Nutrition is related to behavior in several important ways. The major neurotransmitter systems use food substances or amino acids as precursors: choline is converted into acetylcholine; tyrosine is converted into dopamine and norepinephrine; and tryptophan s converted into serotonin (Fishbein and Pease, 1988). As was mentioned above, tryptophan is a common treatment for reducing the urge for cocaine, and for reducing violent behavior.

Nutritional problems come in several forms. Hypoglycemia or low blood sugar levels is a major problem associated with impulsivity, childhood behavioral problems and learning difficulties, violence, alcoholism, and the premenstrual syndrome. Low blood sugar levels can make one dizzy, irritable, confused, and even prone to violence (Fishbein and Pease, 1988).
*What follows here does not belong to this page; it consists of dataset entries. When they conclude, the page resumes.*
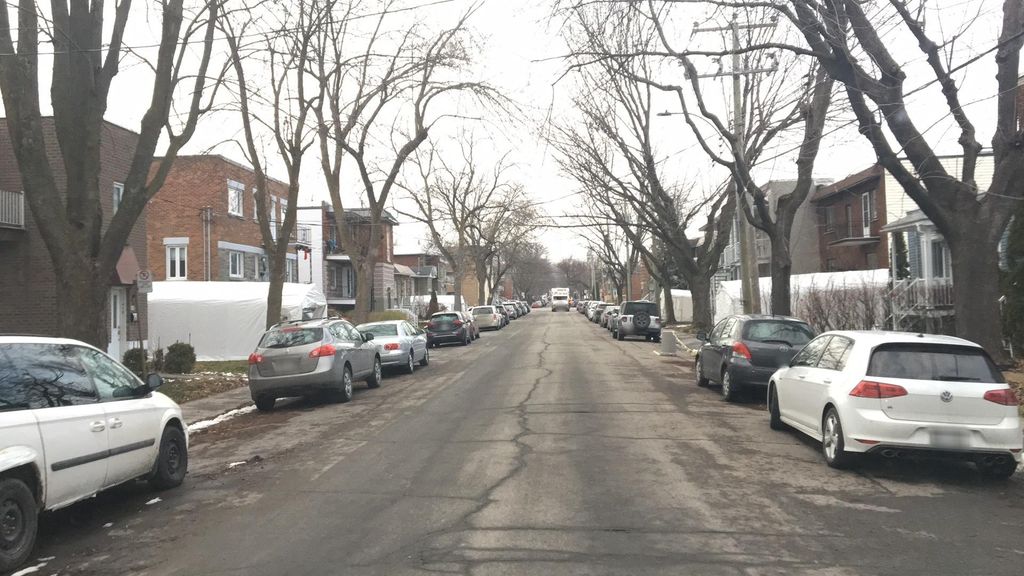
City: montreal
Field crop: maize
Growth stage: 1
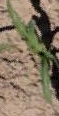
Species: maize
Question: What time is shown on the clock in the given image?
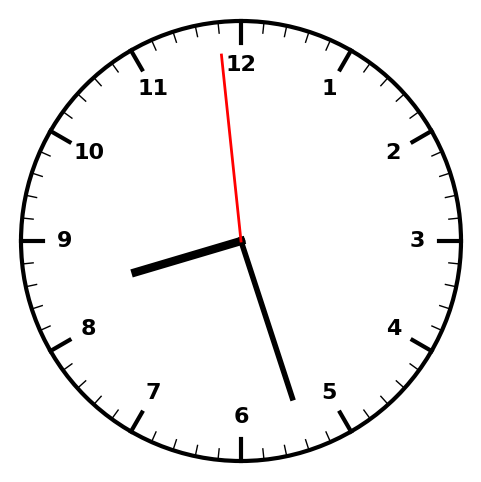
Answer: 08:26:59
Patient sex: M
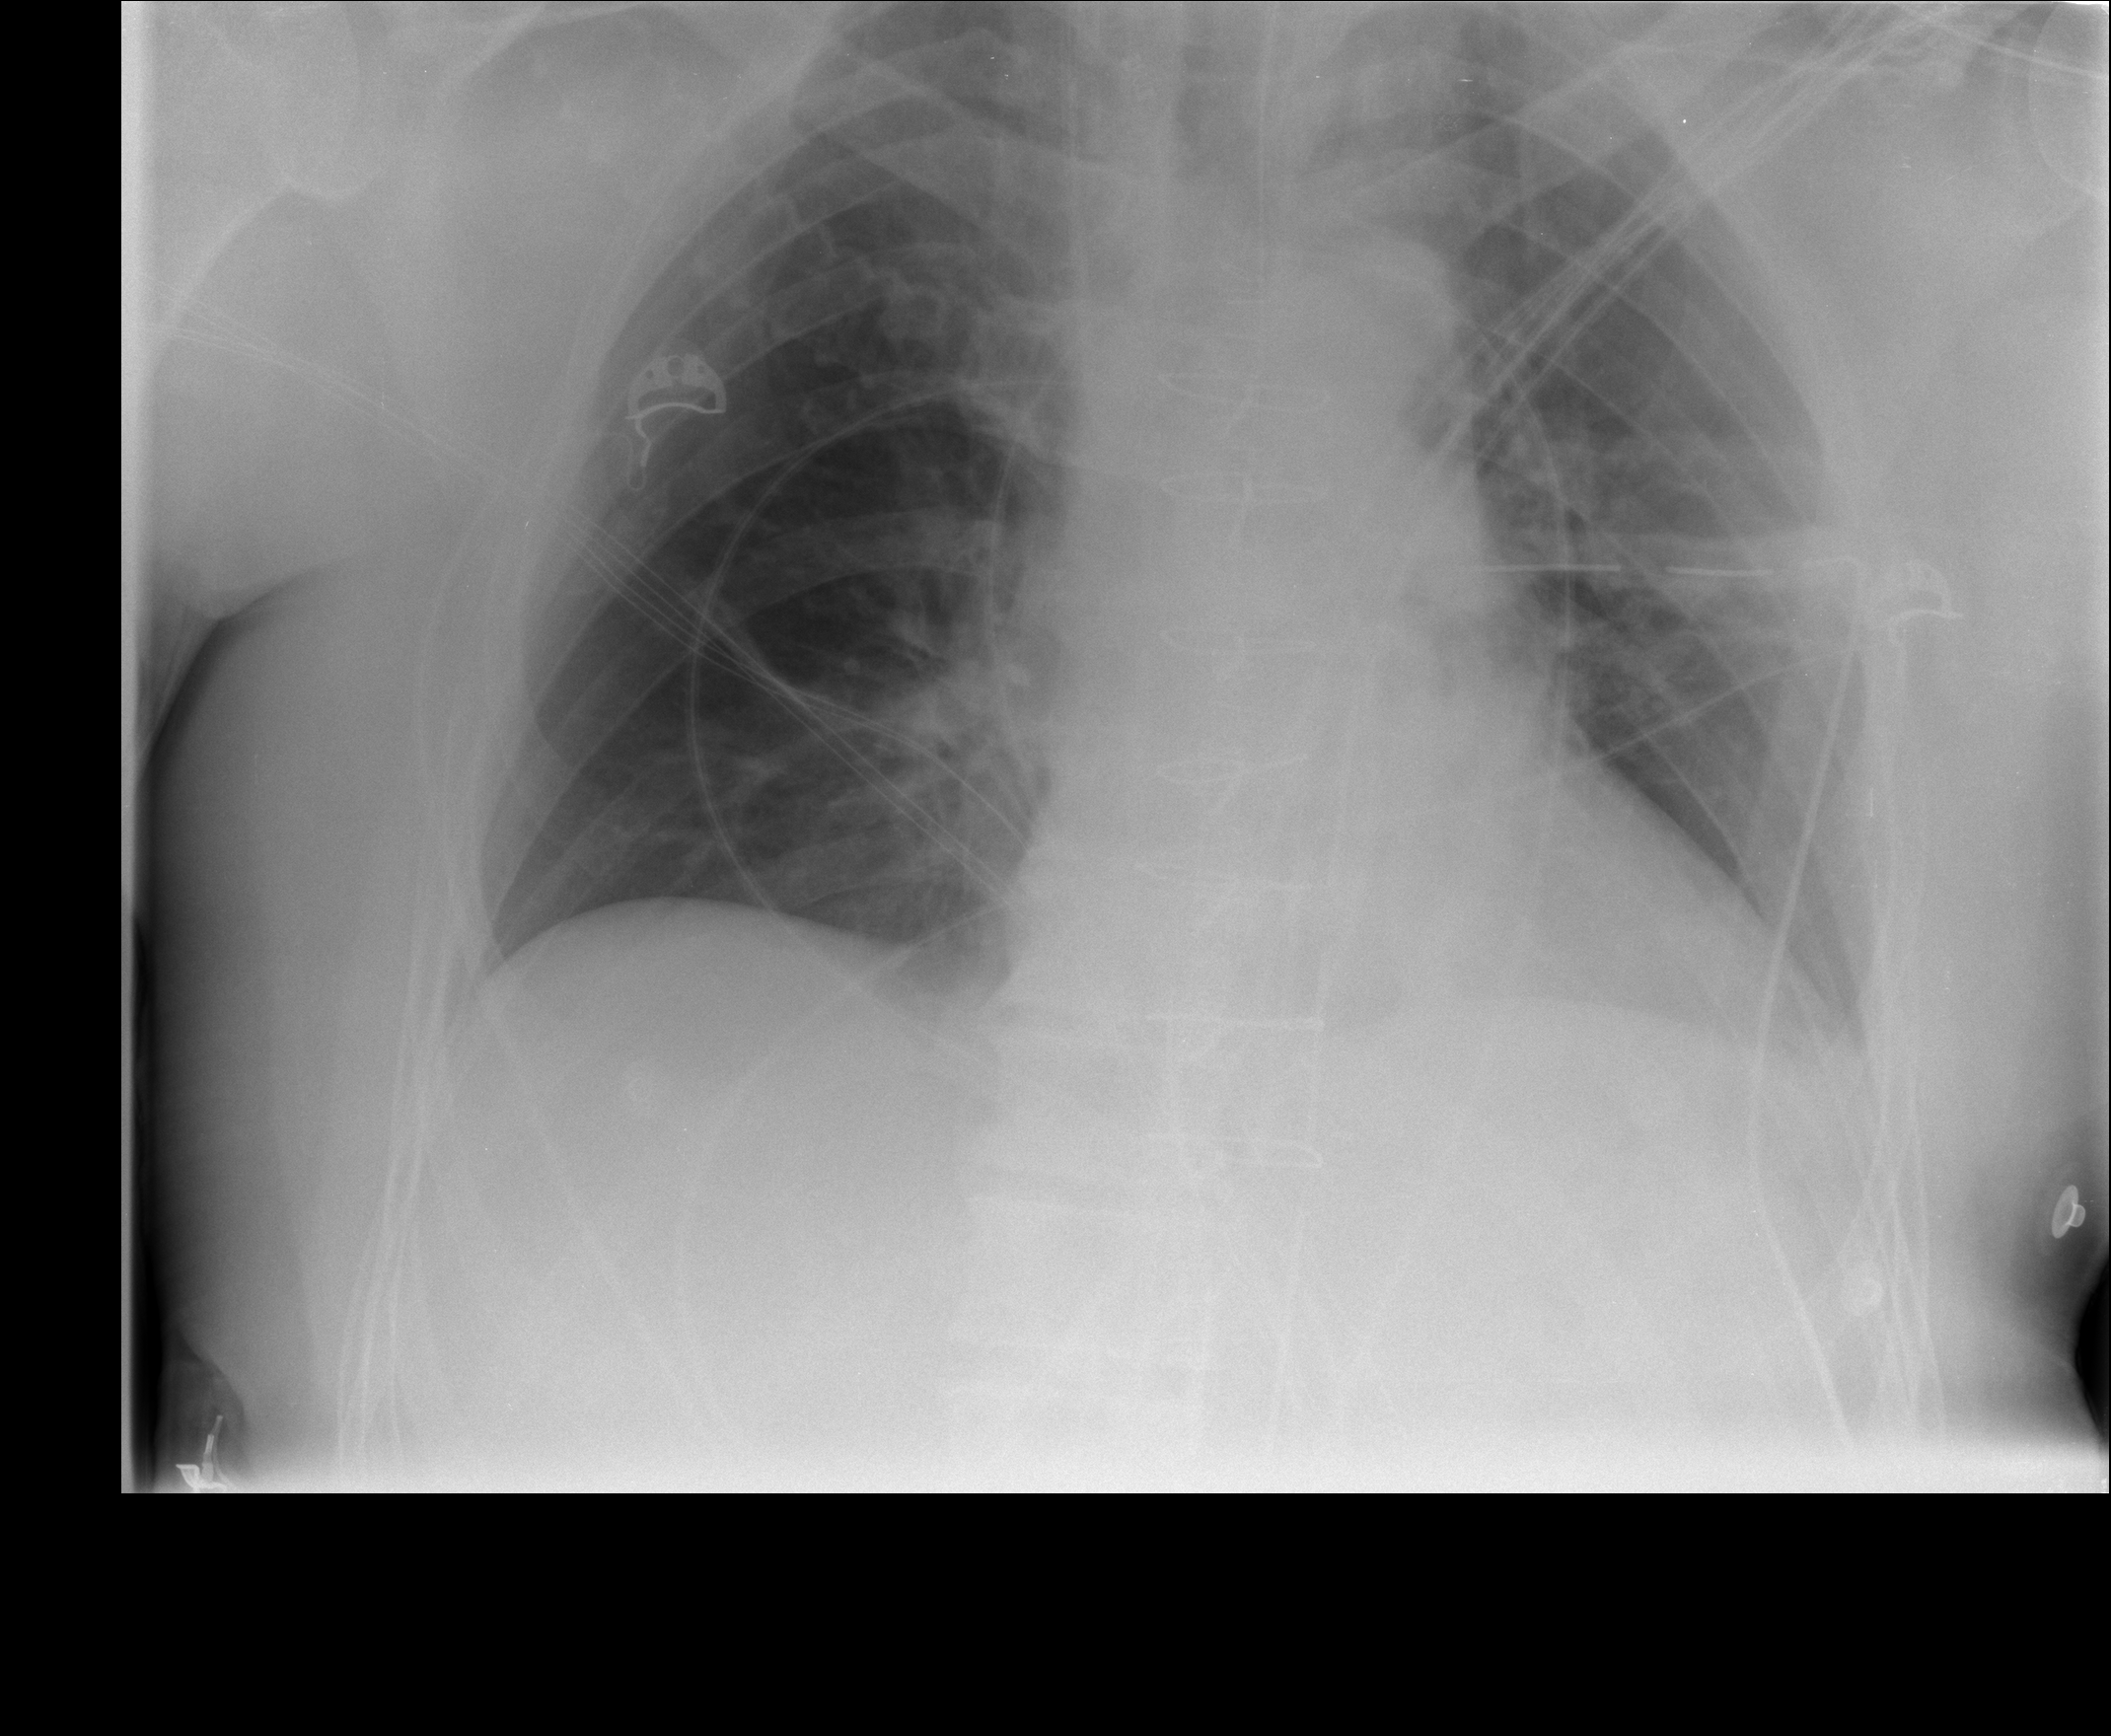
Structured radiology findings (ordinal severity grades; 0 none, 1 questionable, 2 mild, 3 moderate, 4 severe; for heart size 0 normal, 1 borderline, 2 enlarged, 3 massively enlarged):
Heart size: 0
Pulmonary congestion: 0
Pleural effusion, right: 0
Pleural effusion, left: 1
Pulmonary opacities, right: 0
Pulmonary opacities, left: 0
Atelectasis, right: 0
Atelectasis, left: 0
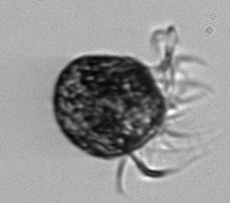
Label: Pelagostrobilidium
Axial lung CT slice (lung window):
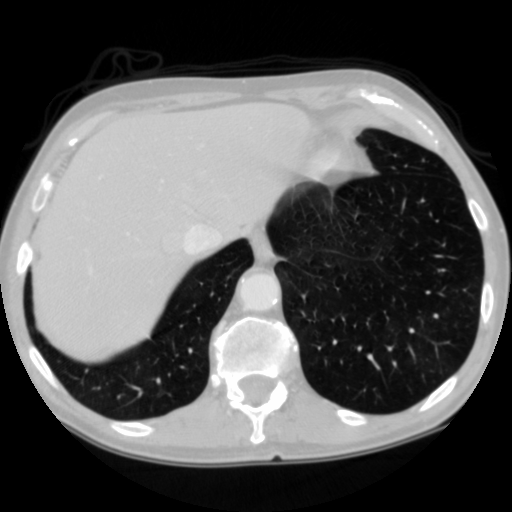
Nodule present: no
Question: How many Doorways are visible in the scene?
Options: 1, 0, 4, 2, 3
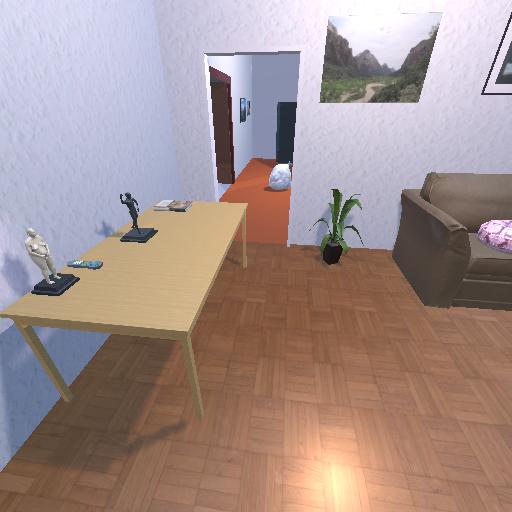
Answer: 1

The mineral content of the human body is a product of nutrition as well as air and water contamination. Certain levels of trace minerals (nutrient minerals) are necessary — zinc, calcium, potassium, magnesium, selenium, iron, and chromium. Toxic trace minerals which do damage to the brain are lead, cadmium, aluminum, arsenic, and mercury. A deficiency of vitamins and minerals can lead to such disorders as learning disabilities and alcoholism. For example, low levels of chromium will result in diabetes and low blood sugar levels. High levels of cadmium and lead in the body will lead to low intelligence scores, learning disabilities, and poor academic performance (Fishbein and Pease, 1988; Virkkunen, 1987; Moyer, 1987; Valzelli, 1981).

The biochemical composition of the body is revealed in hair since hair stores the nutritional and pollutant elements which are in the body (ICatz and Chatt, 1988; Doctor's Data, Inc, 1982). Hair samples are superior to blood and urine samples for testing the mineral content of the body.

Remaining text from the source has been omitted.